Worn or badly damaged money is destroyed – banknotes and coins that have fallen into the water, burned, chemically or otherwise badly damaged.

According to the bank, the carts that carry the coins can be very heavy, up to 700-800 kilograms. Paper money, on the other hand, is lighter – a box of banknotes weighs about 15 kilograms.

It should be noted that the money processing equipment in the Bank of Latvia’s vault in Pārdaugava works at a rate of 30 banknotes per second. At this speed, the banknotes run on a small conveyor where various sensors check them. The machine not only counts the money, but also checks the security features, whether the banknote is genuine and whether it is too worn to put it back into circulation.

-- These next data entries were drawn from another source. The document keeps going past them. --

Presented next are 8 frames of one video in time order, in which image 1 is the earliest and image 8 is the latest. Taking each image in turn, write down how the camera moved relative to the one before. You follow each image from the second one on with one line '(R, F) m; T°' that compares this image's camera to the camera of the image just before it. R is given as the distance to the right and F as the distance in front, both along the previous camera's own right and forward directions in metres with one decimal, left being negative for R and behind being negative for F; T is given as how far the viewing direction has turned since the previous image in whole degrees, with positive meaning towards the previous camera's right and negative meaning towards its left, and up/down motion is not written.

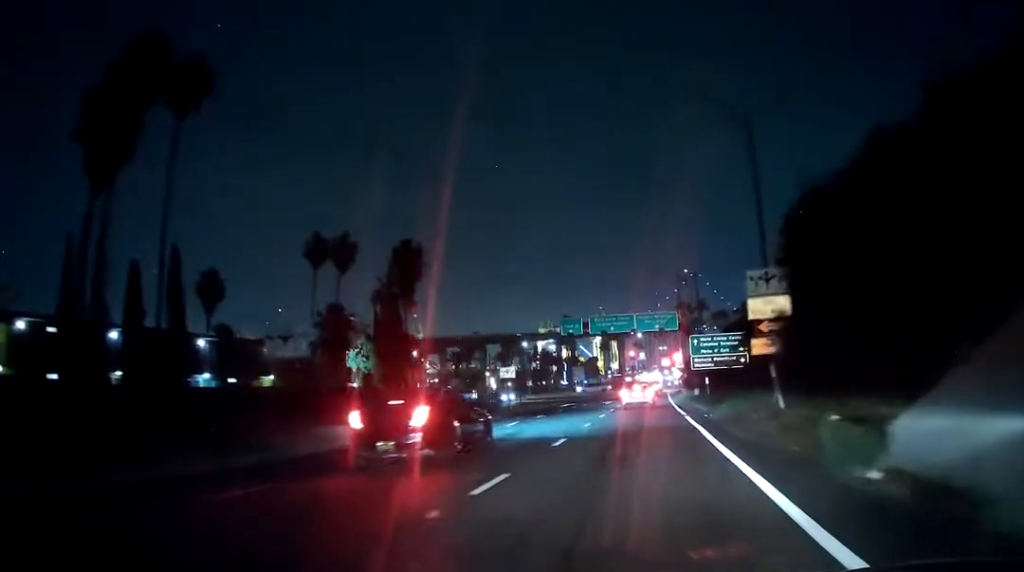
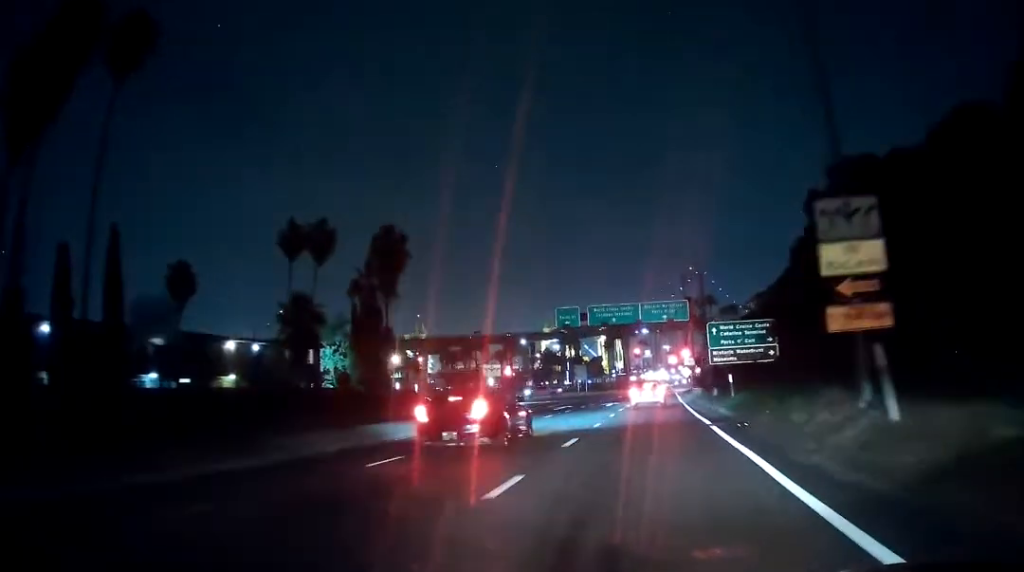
(+0.1, +7.9) m; -1°
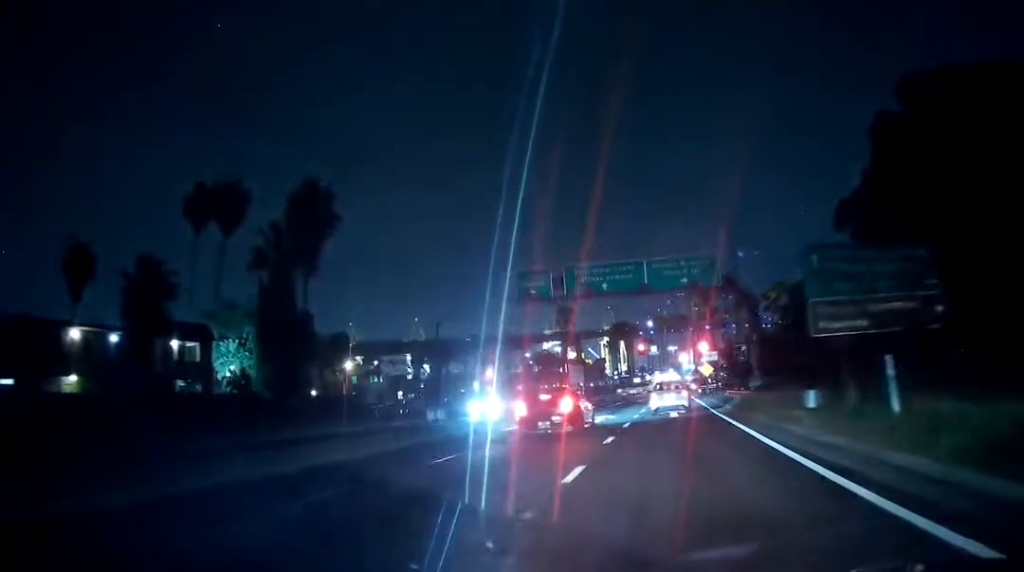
(-0.5, +20.0) m; -2°
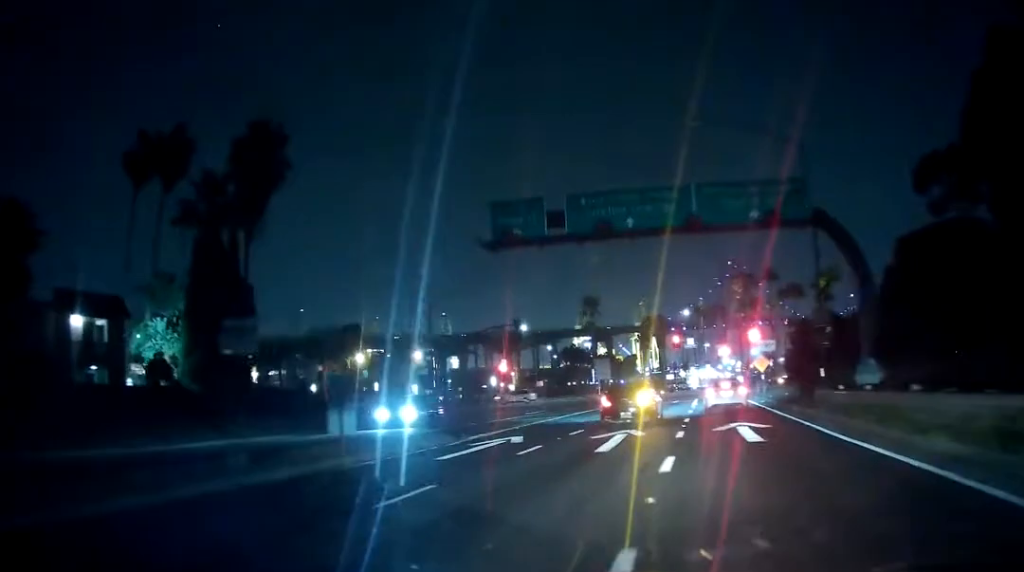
(0.0, +14.4) m; -3°
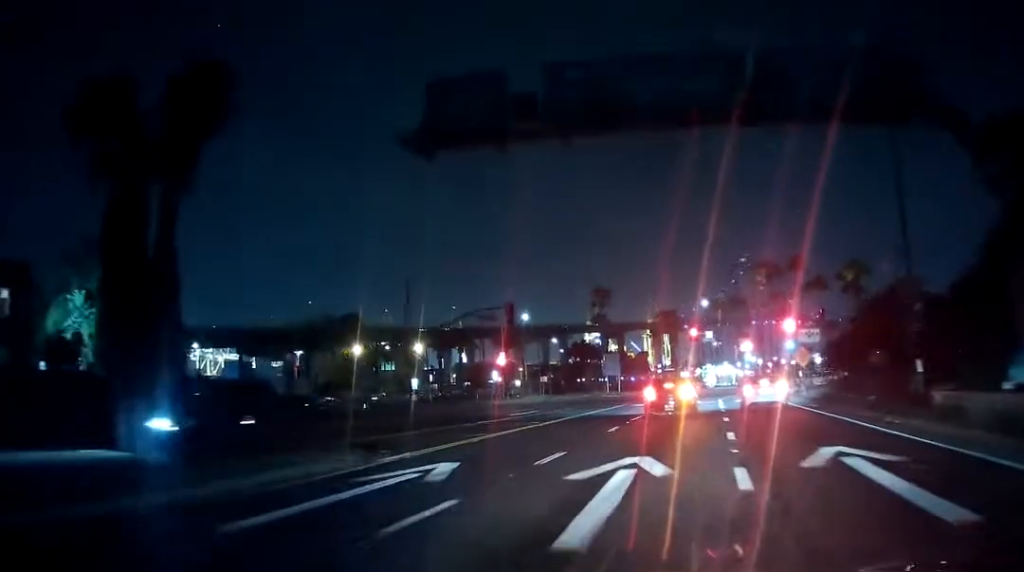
(-0.5, +9.3) m; -2°
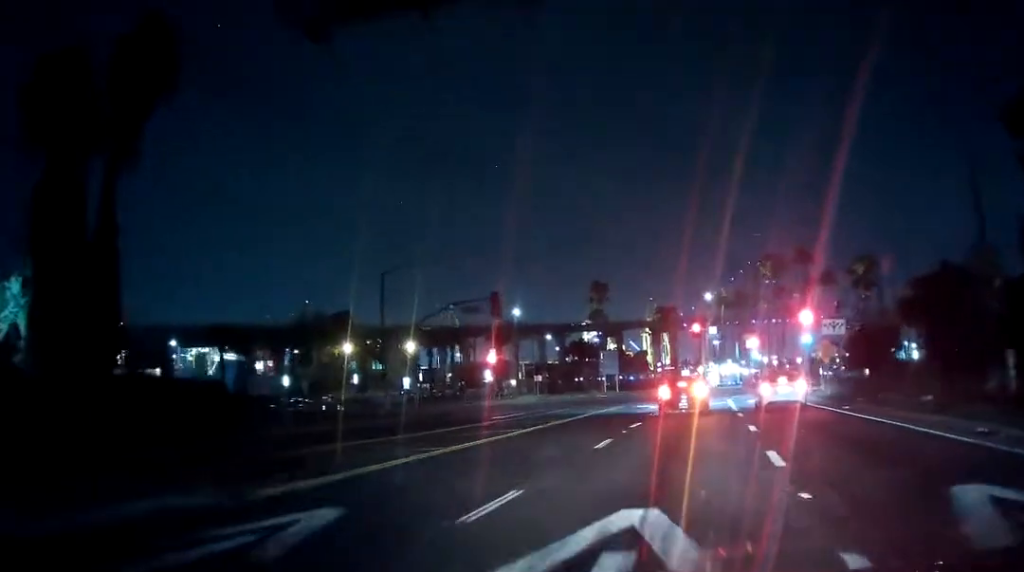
(0.0, +5.7) m; 0°
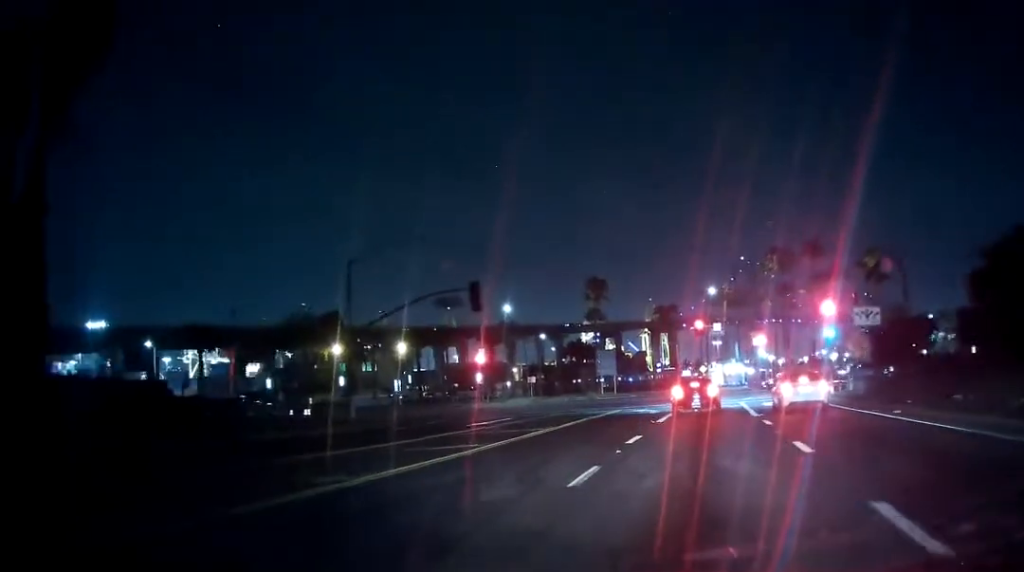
(+0.1, +5.6) m; +1°
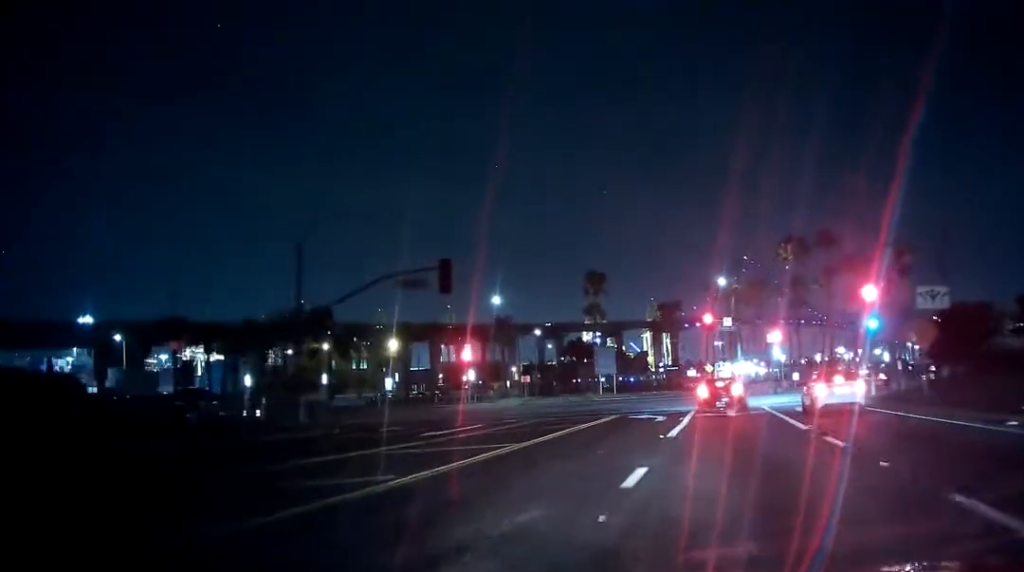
(0.0, +7.3) m; 0°

New or tested used money from the Bank of Latvia goes to banks, but further – to entrepreneurs and residents. After that, the money from shops and other institutions returns to the banks and from the banks or money processing companies – again to the Bank of Latvia. The banknote returns to the central bank an average of 3.9 times a year.

The number of euro banknotes and coins from central bank vaults circulating through commercial banks is largely determined by the demand for cash by money users. If shopkeepers withdraw more of the amount in the bank account in small denominations (for exchange money) and people withdraw from the ATM in the same way, then there are more small banknotes in circulation, the bank explains.

In 2015, lats banknotes (215 thousand banknotes and two million coins) continued to return in a much smaller flow to the Bank of Latvia, which will be able to change indefinitely after the changeover to the euro.